Towards a (Re)Definition of Sustainability: Justin Van Kleeck and Caroline Savery. 4-Caroline
Dear Justin,
You make some very effective arguments! You are right to use my own posts in illustrating your thoughts. Granted, those posts, written toward the end of the Sust Enable project, demonstrate that my original concept of Sust Enable did not pan out because its original assumptions were flawed. Indeed, for other people to have success with living sustainably, they must be gentle, have fun, and go slow… three things that I failed to consider for myself when undertaking the “radical” experiment.
I think the strongest point you make with your last post is the importance of living in a way that honors your own health and wellbeing, not just the Earth’s. This is something that I’ve learned to consider the hard way, through the tribulations of the Sust Enable project (during which I ran up against my own physical limits of hunger, sleeplessness, and stress). I completely agree with that: respect for yourself, as a living being with needs, comes first in making a healthy approach toward respecting the Earth and other living systems.

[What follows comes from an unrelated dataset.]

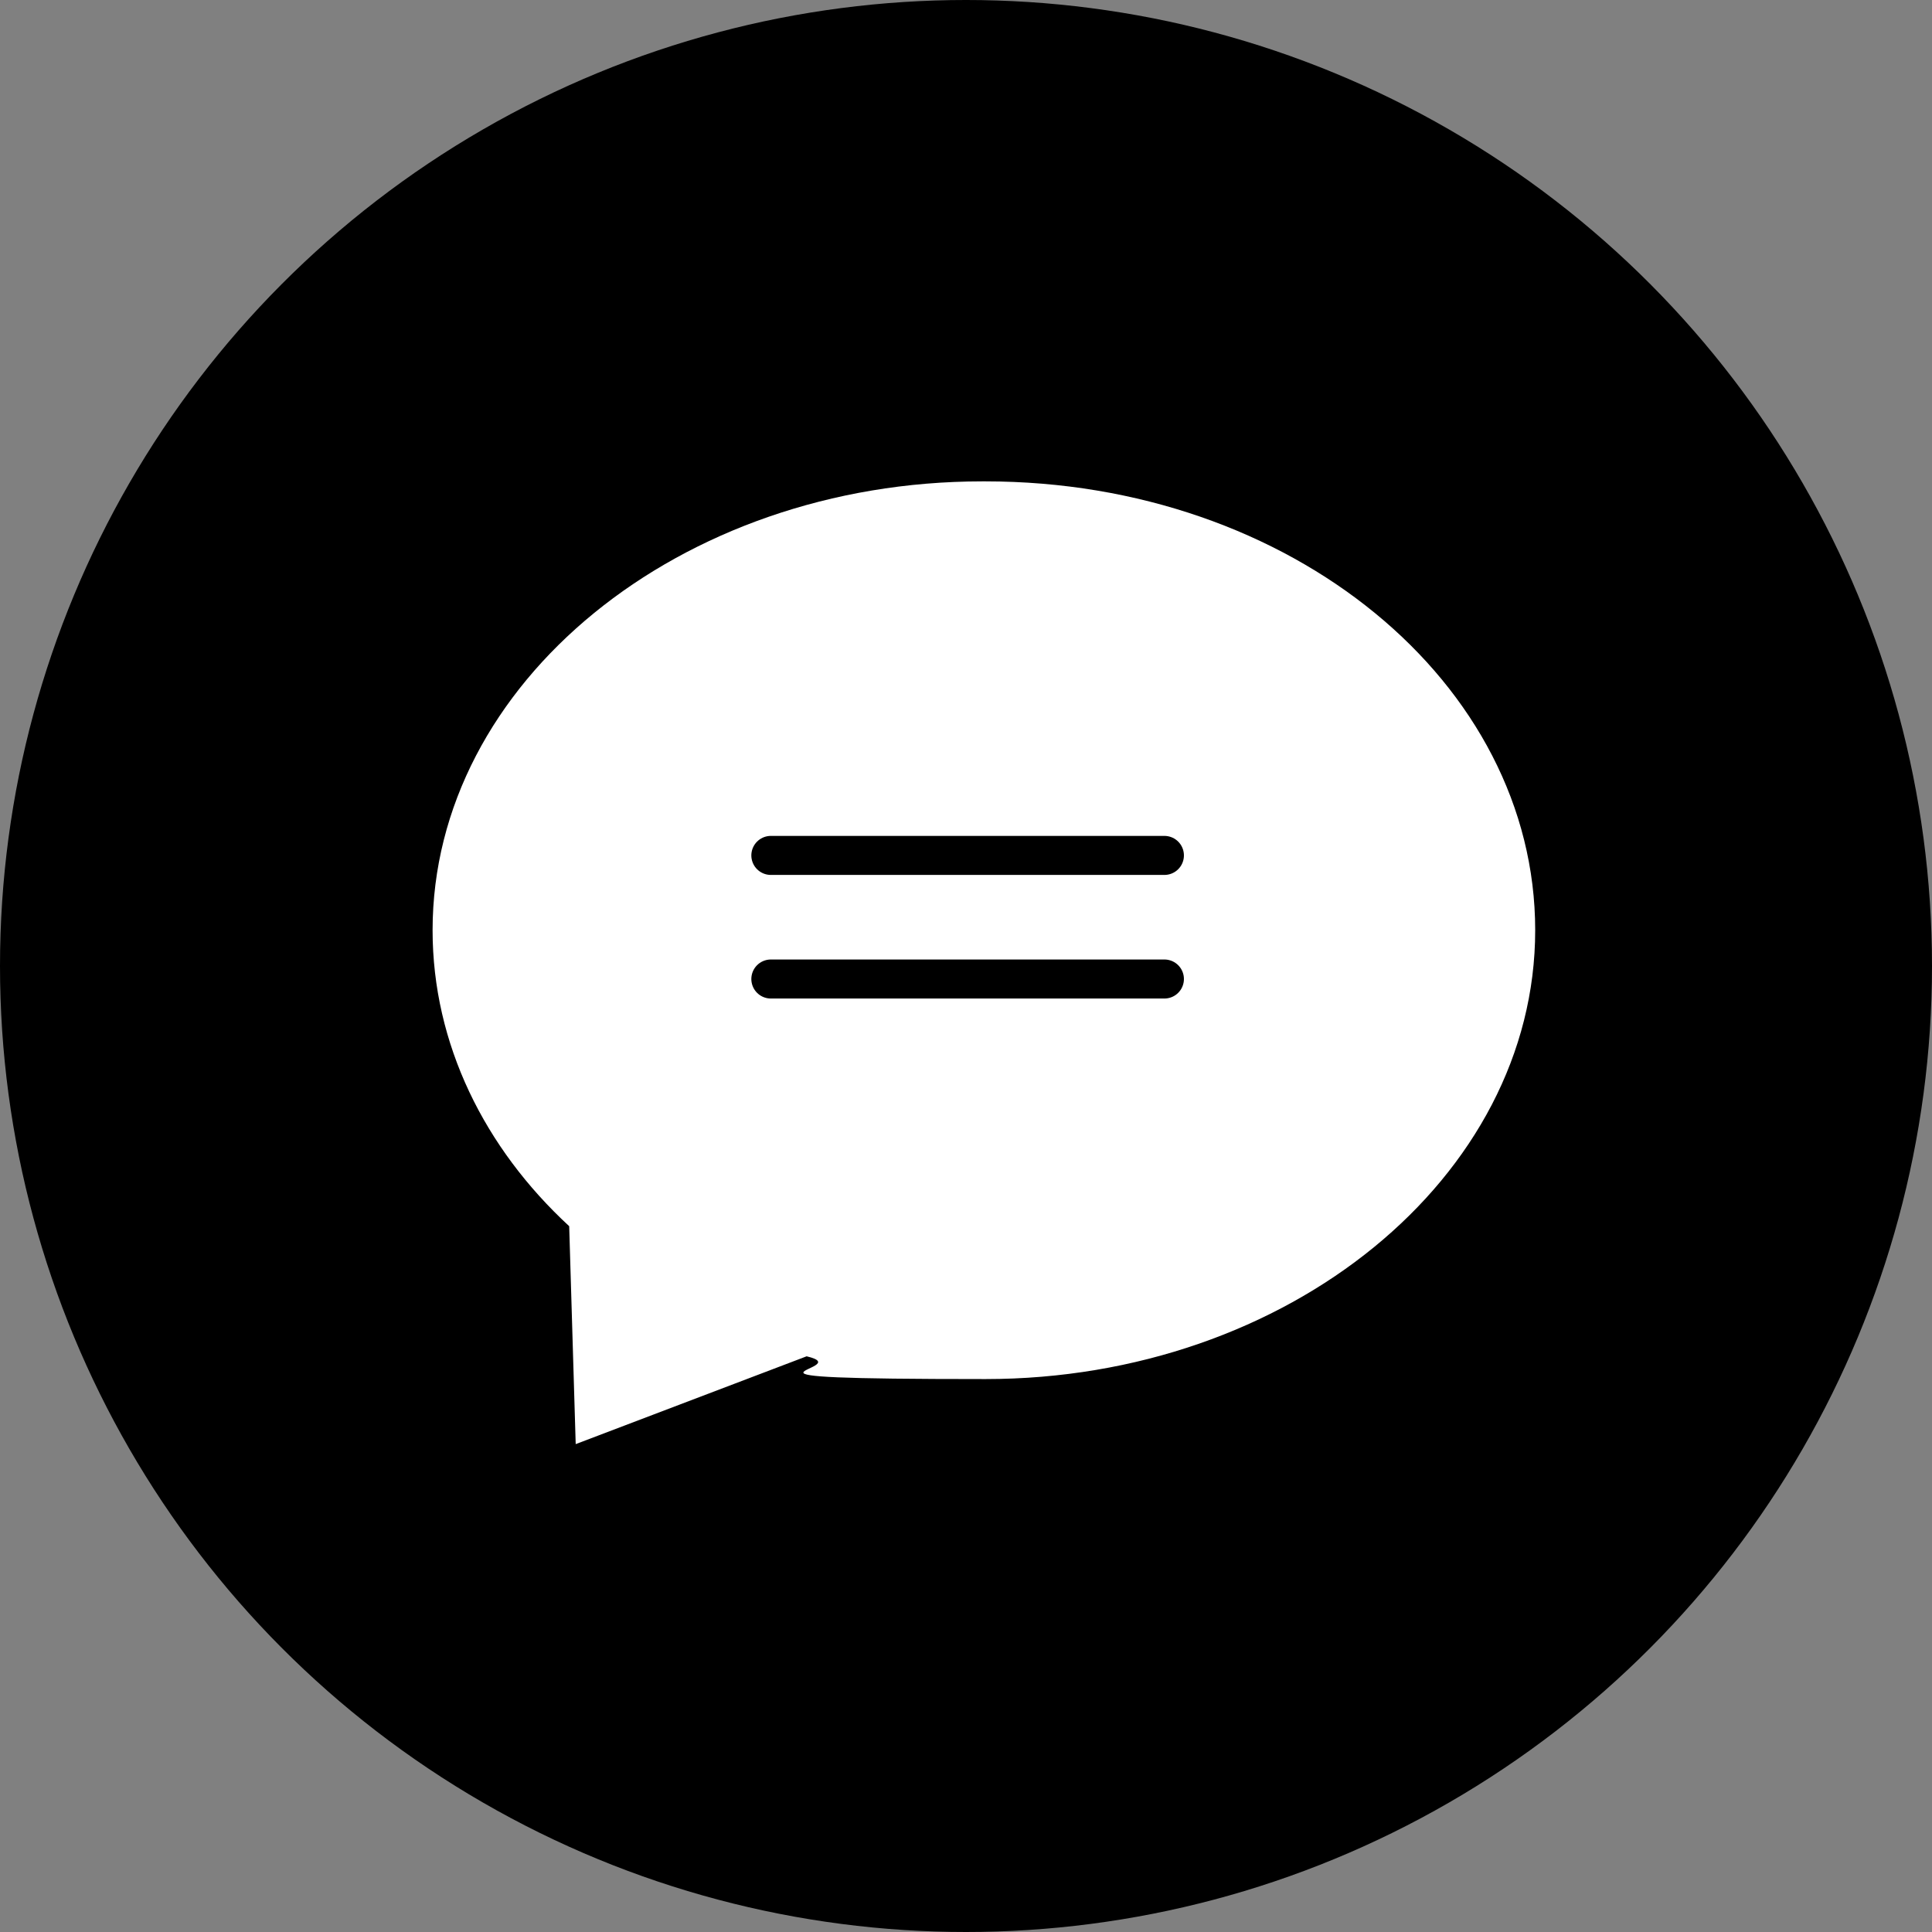 <?xml version="1.0" encoding="UTF-8"?> <svg xmlns="http://www.w3.org/2000/svg" xmlns:xodm="http://www.corel.com/coreldraw/odm/2003" id="_Слой_1" data-name="Слой 1" version="1.1" viewBox="0 0 59.4 59.4"><rect x="0" y="0" width="59.4" height="59.4" fill="#808080" stroke="none"/><defs><style> .cls-1 { fill: #fff; fill-rule: evenodd; } .cls-1, .cls-2 { stroke-width: 0px; } .cls-2 { fill: #000; } .cls-3 { fill: none; stroke: #000; stroke-linecap: round; stroke-linejoin: round; stroke-width: 1.2px; } </style></defs><g id="_Слой_1-2" data-name="Слой_1"><circle class="cls-2" cx="29.7" cy="29.7" r="29.7"></circle><path class="cls-1" d="M30.3,14.8c9.4,0,16.9,6.2,16.9,13.8s-7.6,13.8-16.9,13.8-3.8-.3-5.5-.7h0l-7.1,2.7-.2-6.7c-2.6-2.4-4.2-5.6-4.2-9.1,0-7.6,7.6-13.8,16.9-13.8Z"></path><path class="cls-3" d="M23.7,26.3h12.1M23.7,30.1h12.1"></path></g></svg>

However, I recognize that our level of comfort is learned–it is borrowed from the culture that surrounds us. It is by no means an “absolute” measure of comfort or happiness. Even our very venues for acquiring what you and I need to survive are hugely affected by the culture we were born into. People in Third World and sometimes Second World countries live sustainably every day–and in my experience when visiting Mexico, are considerably happier than the average American. Is this because they have struck a good balance between respecting the natural world and their own personal patterns, in ways that over-worked, over-stressed and over-consumptive Americans can only dream of? It’s a theory.